Work item: Among the lines below, the one containing "right thumb: fingertip" opens the range and the one containing "Touch camera, right" closes it. Print that range exactly, without the pictures.

[Record set]

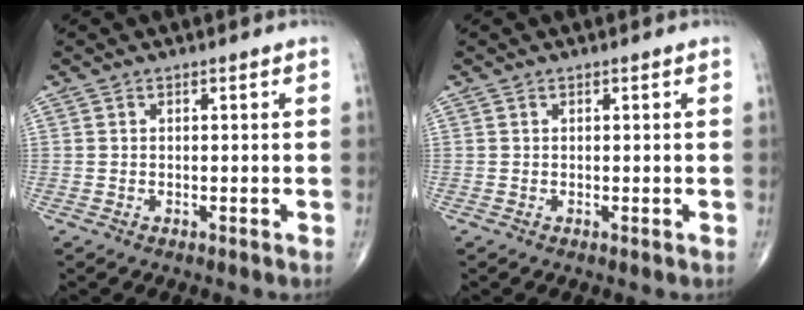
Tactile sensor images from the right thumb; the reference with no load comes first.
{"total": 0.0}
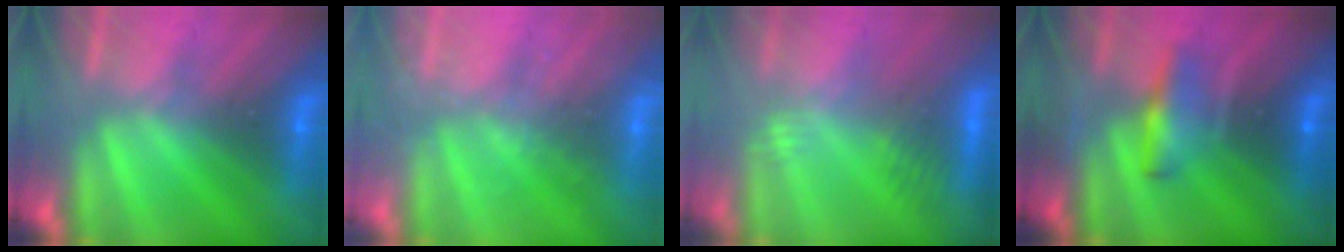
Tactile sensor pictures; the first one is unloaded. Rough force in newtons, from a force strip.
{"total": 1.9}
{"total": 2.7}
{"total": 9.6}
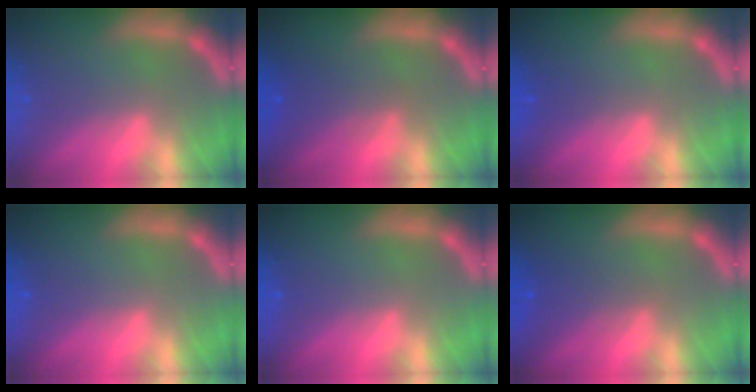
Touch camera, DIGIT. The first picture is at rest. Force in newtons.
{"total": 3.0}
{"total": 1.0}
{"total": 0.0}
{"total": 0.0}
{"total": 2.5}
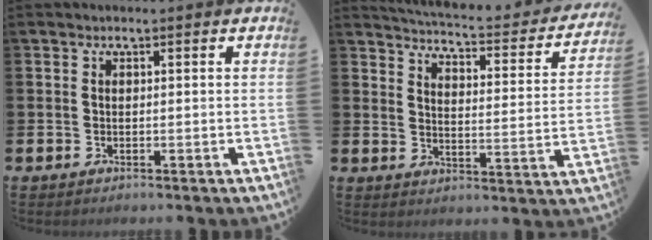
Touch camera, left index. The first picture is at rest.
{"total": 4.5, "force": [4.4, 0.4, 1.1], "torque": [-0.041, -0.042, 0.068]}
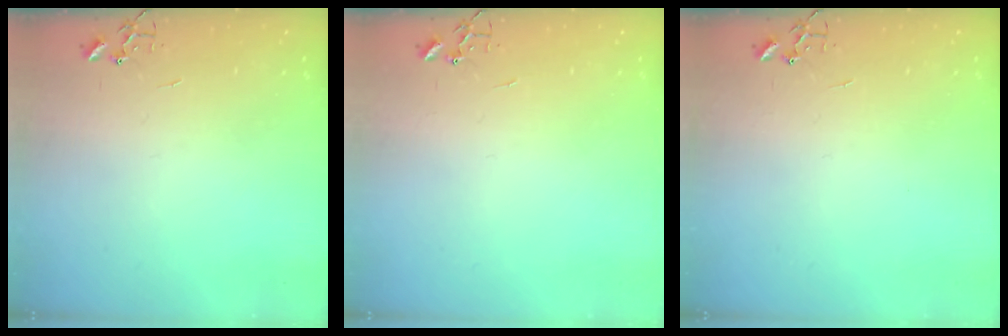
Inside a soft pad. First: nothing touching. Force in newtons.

[/Record set]
[Record set]

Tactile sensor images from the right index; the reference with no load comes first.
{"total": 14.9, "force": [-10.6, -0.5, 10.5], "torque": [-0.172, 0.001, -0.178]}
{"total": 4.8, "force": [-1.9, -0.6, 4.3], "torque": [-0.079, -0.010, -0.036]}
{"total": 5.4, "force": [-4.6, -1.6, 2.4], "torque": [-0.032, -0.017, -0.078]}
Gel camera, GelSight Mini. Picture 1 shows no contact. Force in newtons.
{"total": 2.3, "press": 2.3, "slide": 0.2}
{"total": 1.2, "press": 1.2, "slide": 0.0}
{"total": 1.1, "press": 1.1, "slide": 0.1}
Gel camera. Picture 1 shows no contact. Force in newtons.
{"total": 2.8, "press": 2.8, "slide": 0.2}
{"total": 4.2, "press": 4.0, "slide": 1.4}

[/Record set]
[Record set]

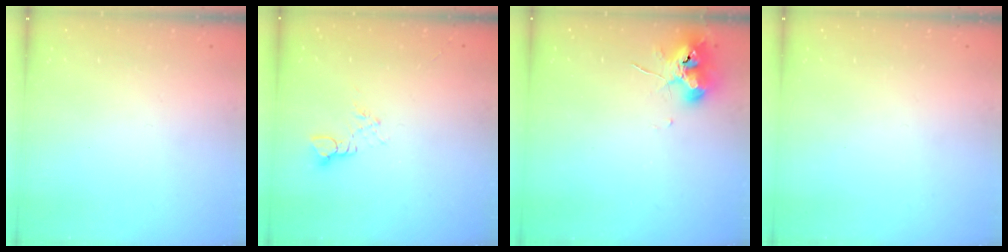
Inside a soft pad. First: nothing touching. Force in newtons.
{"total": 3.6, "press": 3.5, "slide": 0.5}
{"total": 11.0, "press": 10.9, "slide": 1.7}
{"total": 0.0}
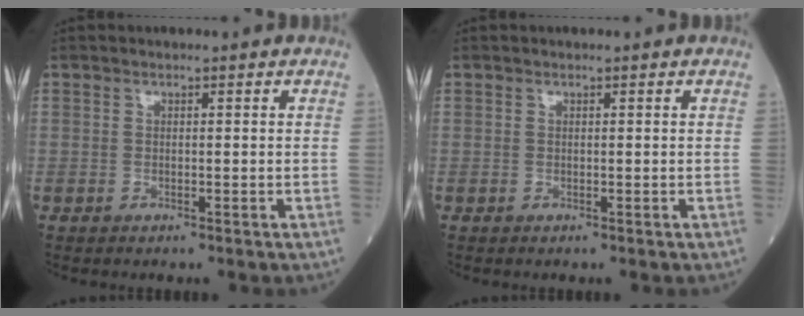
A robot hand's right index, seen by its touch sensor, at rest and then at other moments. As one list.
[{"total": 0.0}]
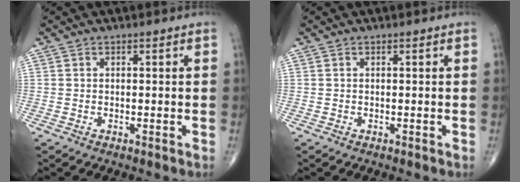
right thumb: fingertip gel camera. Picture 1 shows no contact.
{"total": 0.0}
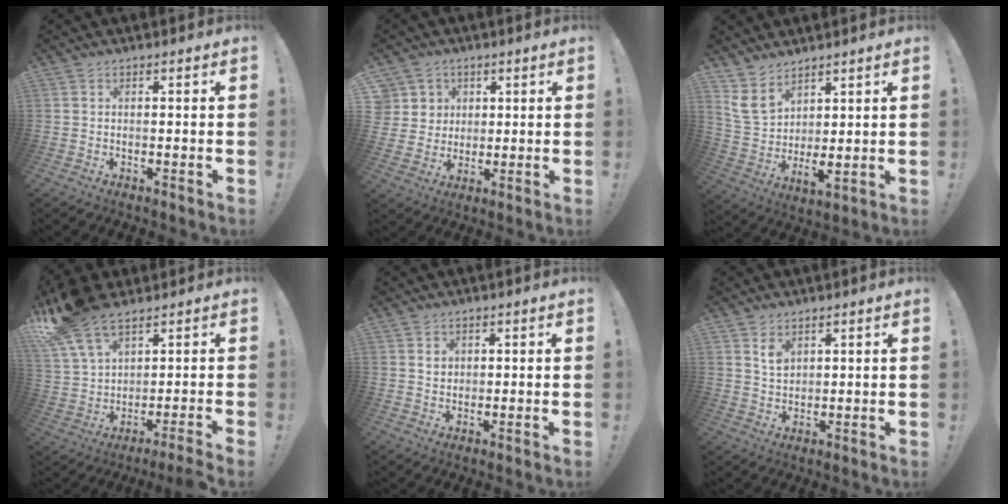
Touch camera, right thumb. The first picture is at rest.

[/Record set]

Answer section:
right thumb: fingertip gel camera. Picture 1 shows no contact.
{"total": 0.0}
Touch camera, right thumb. The first picture is at rest.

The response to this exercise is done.